(Available data)

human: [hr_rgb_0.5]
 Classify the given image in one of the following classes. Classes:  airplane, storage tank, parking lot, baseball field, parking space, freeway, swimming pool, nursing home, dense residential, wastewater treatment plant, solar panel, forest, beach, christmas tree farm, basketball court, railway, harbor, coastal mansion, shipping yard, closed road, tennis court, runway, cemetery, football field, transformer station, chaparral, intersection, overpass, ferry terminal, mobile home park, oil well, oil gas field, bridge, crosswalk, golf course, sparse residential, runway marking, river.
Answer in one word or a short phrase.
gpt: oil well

(End Available data)
(Available data)

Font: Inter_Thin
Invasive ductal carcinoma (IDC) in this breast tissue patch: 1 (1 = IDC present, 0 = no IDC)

(End Available data)
(Available data)

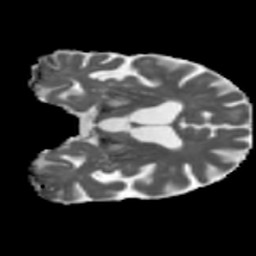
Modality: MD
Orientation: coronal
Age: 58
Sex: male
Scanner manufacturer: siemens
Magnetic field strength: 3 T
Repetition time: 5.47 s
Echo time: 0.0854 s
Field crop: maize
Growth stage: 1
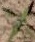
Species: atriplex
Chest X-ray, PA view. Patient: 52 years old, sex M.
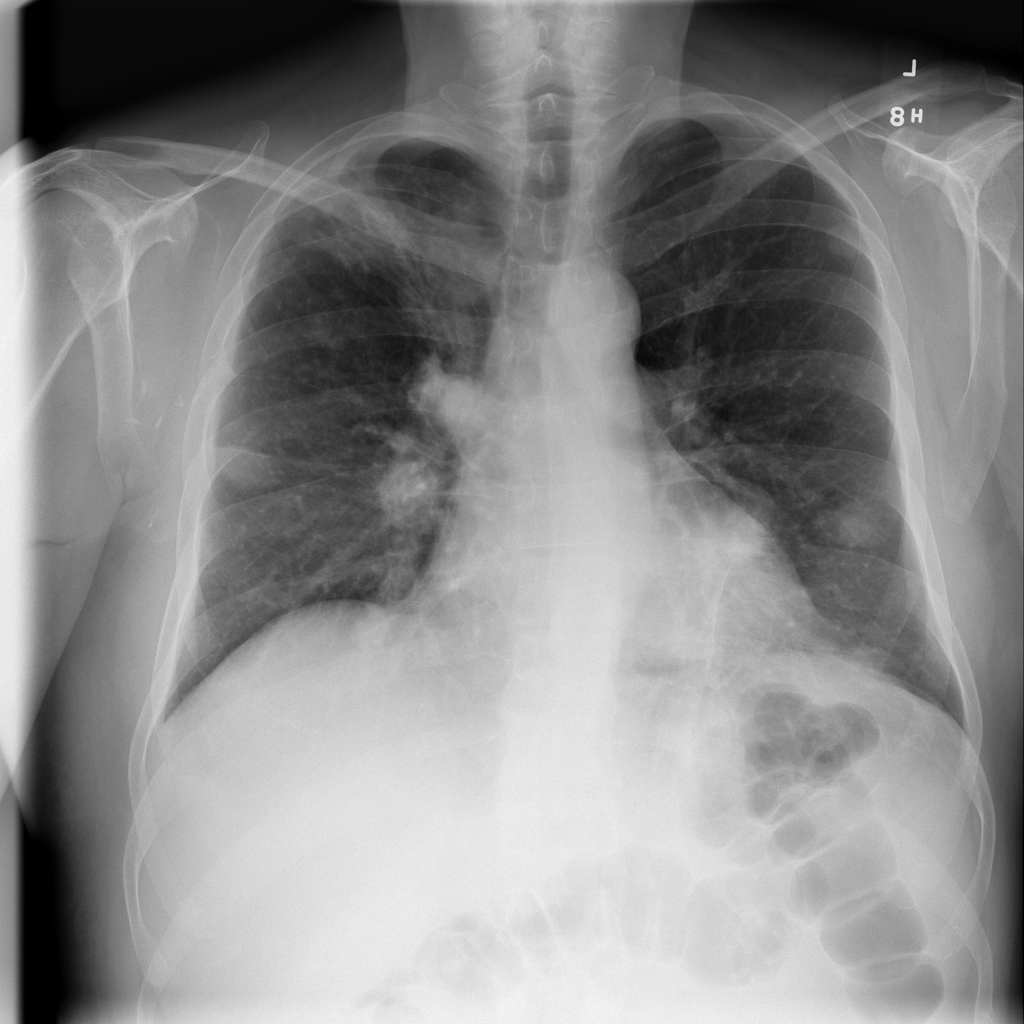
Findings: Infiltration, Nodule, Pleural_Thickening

(End Available data)

◆ Assigned task:
Could you set down, word for word, only the lines above from the line with "human: [hr_rgb_0.5]" to the line with "gpt: oil well", including both?

◆ Written reply:
human: [hr_rgb_0.5]
 Classify the given image in one of the following classes. Classes:  airplane, storage tank, parking lot, baseball field, parking space, freeway, swimming pool, nursing home, dense residential, wastewater treatment plant, solar panel, forest, beach, christmas tree farm, basketball court, railway, harbor, coastal mansion, shipping yard, closed road, tennis court, runway, cemetery, football field, transformer station, chaparral, intersection, overpass, ferry terminal, mobile home park, oil well, oil gas field, bridge, crosswalk, golf course, sparse residential, runway marking, river.
Answer in one word or a short phrase.
gpt: oil well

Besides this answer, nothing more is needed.